Qual è la competenza che Paronetto riesce a mettere in campo, convincendo De Gasperi, Montini e Pacelli? Lo studio serio dell’agire umano: l’agire sociale, l’agire economico, l’agire politico, ciascuno con le sue categorie; da qui la prospettiva – e l’urgenza – di fornire, in momenti storici particolari, i principi per i rispettivi ordinamenti di cui la società civile, quando è reduce da una catastrofe, ha assoluta necessità: l’ordinamento sociale, l’ordinamento economico, l’ordinamento politico. L’azzeramento prodotto dalla fornace della guerra esige che siano enunciati con coraggio i nuovi principi. I cardini irriducibili sono la libertà politica, la libertà economica, la democrazia politica, la democrazia economica. Nessuna delle quattro può sussistere senza le altre tre. 
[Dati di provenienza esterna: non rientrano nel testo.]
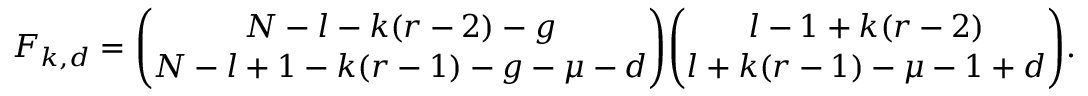
F _ { k , d } = { \binom { N - l - k ( r - 2 ) - g } { N - l + 1 - k ( r - 1 ) - g - \mu - d } } { \binom { l - 1 + k ( r - 2 ) } { l + k ( r - 1 ) - \mu - 1 + d } } .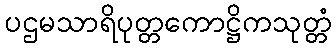
ပဌမသာရိပုတ္တကောဋ္ဌိကသုတ္တံ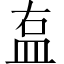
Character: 𥁓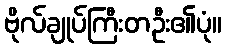
ဗိုလ်ချုပ်ကြီးတဦး၏ပုံ။

Ma c’è un presupposto vitale per tutte, irrinunciabile: la pace. E la pace vuol dire scelta di collocazione internazionale e capacità di affrontare il vincolo esterno. Questo è quello che formerà la religione civile di De Gasperi nel porsi il problema della ricostruzione del Paese. Paronetto quasi impone al leader trentino di porsi un’unica pregiudiziale per la propria azione, la “pregiudiziale ricostruttiva”. La morte precoce, giovanissimo (34 anni), lo coglie alla fine del processo di trasferimento a De Gasperi e a Montini della sua opera di pensiero: sul suo letto di morte giacciono le bozze dei due scritti che sintetizzano le passioni della sua vita: quelle, liberate, del Codice di Camaldoli (vero titolo: Principi dell’ordinamento sociale) e quelle dello statuto riformato dell’IRI per la nuova Italia democratica. Per la quale Paronetto inventa il disegno della nuova economia pubblica. I suoi fraterni amici Giorgio La Pira, Ezio Vanoni, Meuccio Ruini svolgeranno in Assemblea Costituente l’azione che porterà agli articoli 11, 41, 47 e 99: articoli “paronettiani” della cosiddetta costituzione economica.

De Gasperi ripeterà più volte a Pietro Scoppola: “Io devo moltissimo, se non tutto, a Sergio Paronetto”. E l’amico nonché concittadino Ezio Vanoni, in un articolo per i dieci anni dalla scomparsa, ripeterà un concetto analogo e lo definirà “amico e maestro”.